### SOURCE RECORDS

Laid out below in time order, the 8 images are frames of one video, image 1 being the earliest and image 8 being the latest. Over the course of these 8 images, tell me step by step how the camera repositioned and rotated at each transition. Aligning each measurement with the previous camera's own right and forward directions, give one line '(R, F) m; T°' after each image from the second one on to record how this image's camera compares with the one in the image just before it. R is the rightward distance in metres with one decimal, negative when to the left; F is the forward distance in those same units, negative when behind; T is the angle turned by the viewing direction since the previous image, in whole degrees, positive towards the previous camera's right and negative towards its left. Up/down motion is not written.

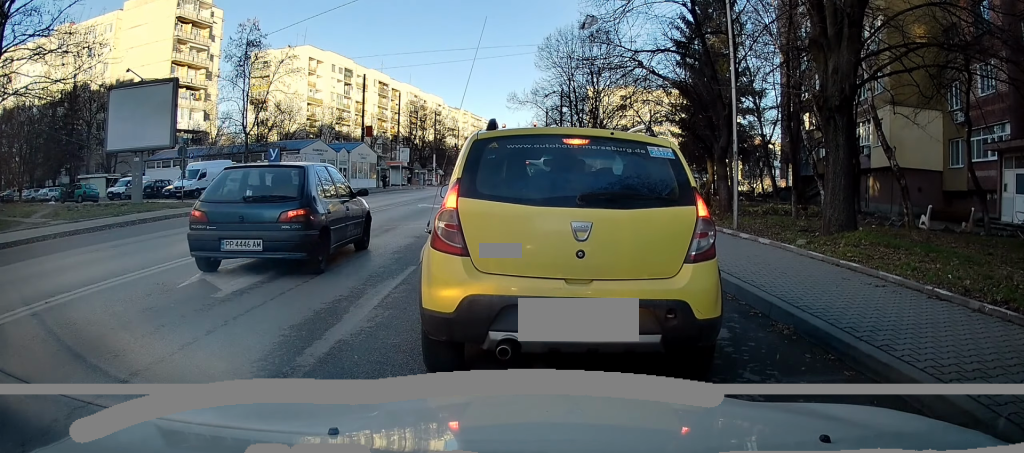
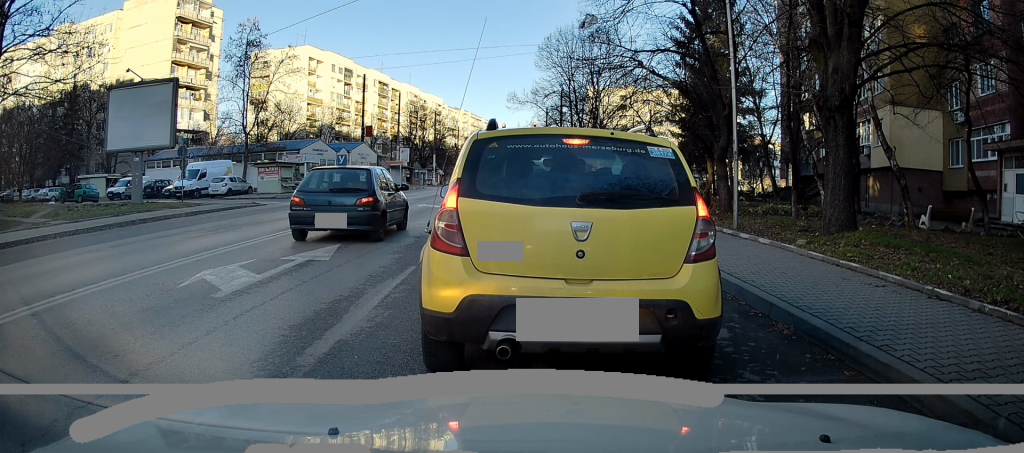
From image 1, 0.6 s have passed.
(0.0, 0.0) m; 0°
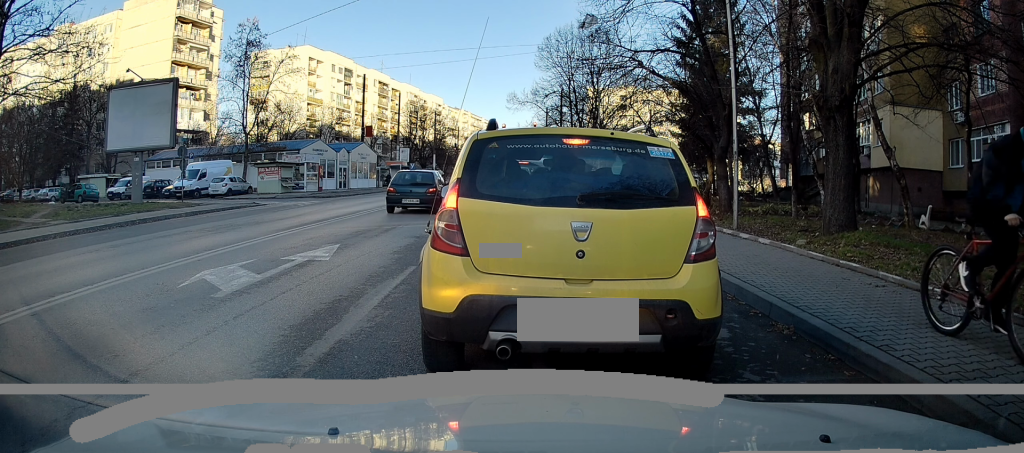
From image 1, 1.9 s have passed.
(0.0, 0.0) m; 0°
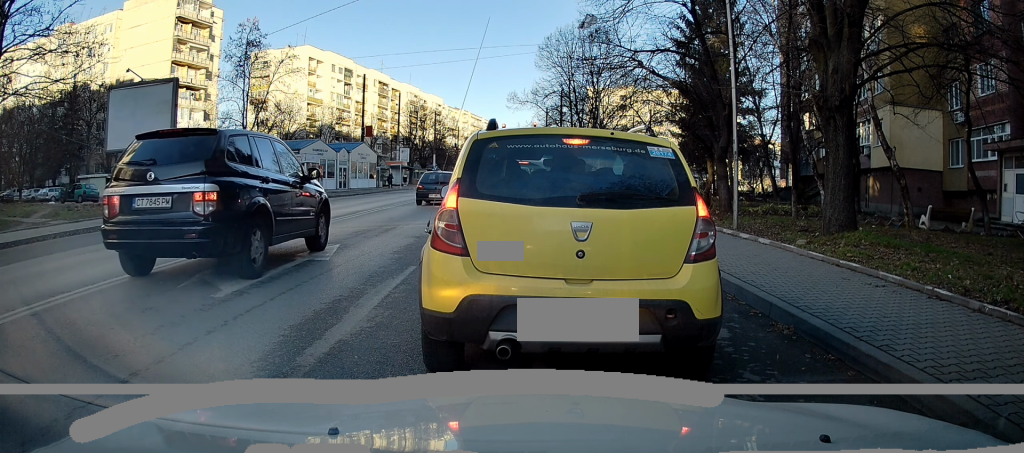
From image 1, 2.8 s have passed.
(0.0, 0.0) m; 0°
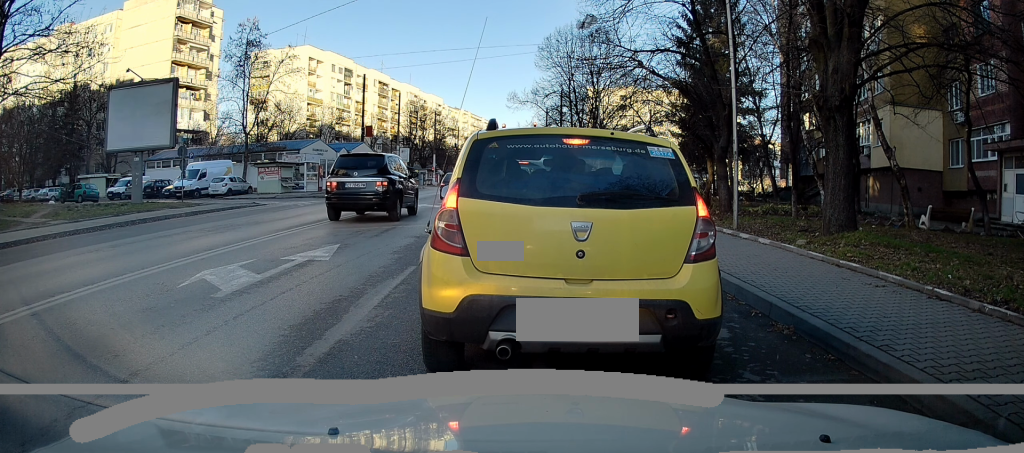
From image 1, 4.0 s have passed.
(0.0, 0.0) m; 0°
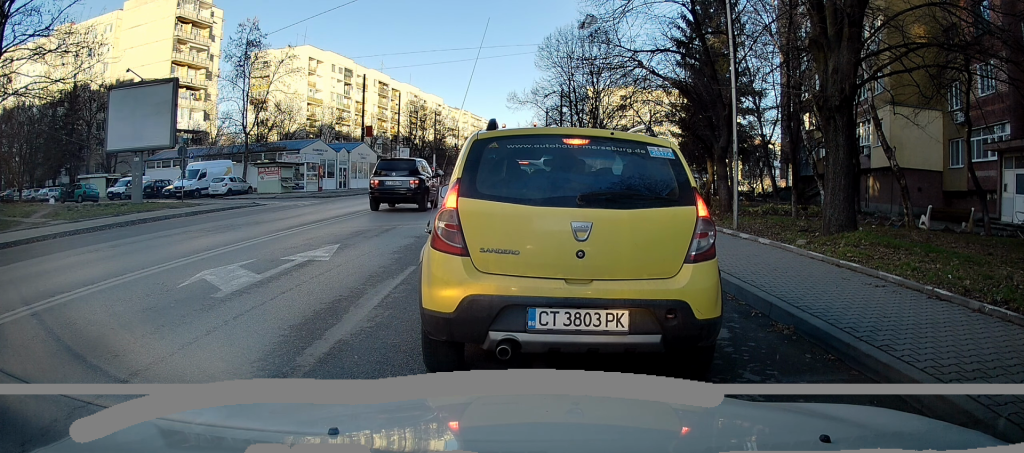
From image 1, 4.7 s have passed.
(0.0, 0.0) m; 0°
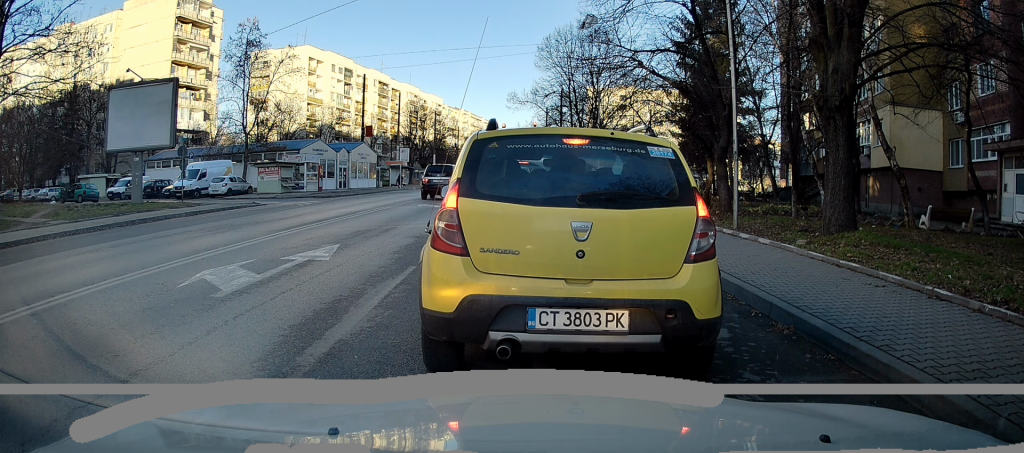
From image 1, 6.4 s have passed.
(0.0, 0.0) m; 0°
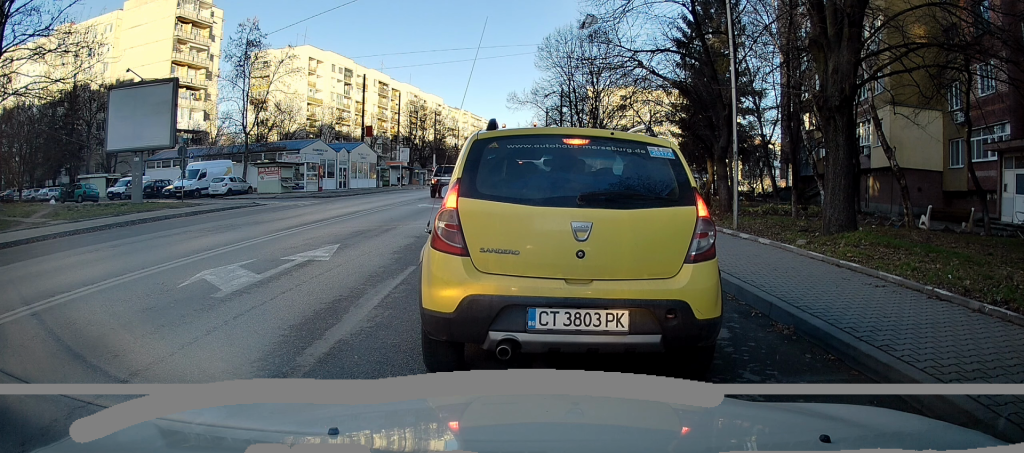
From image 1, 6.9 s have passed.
(0.0, 0.0) m; 0°

######

TO DO >> Every line from the one bearing "From image 1, 4.0 s have passed." through the end of the data above must be output exactly, and no picture may appear.

ANSWER TO THE PROBLEM >>
From image 1, 4.0 s have passed.
(0.0, 0.0) m; 0°
From image 1, 4.7 s have passed.
(0.0, 0.0) m; 0°
From image 1, 6.4 s have passed.
(0.0, 0.0) m; 0°
From image 1, 6.9 s have passed.
(0.0, 0.0) m; 0°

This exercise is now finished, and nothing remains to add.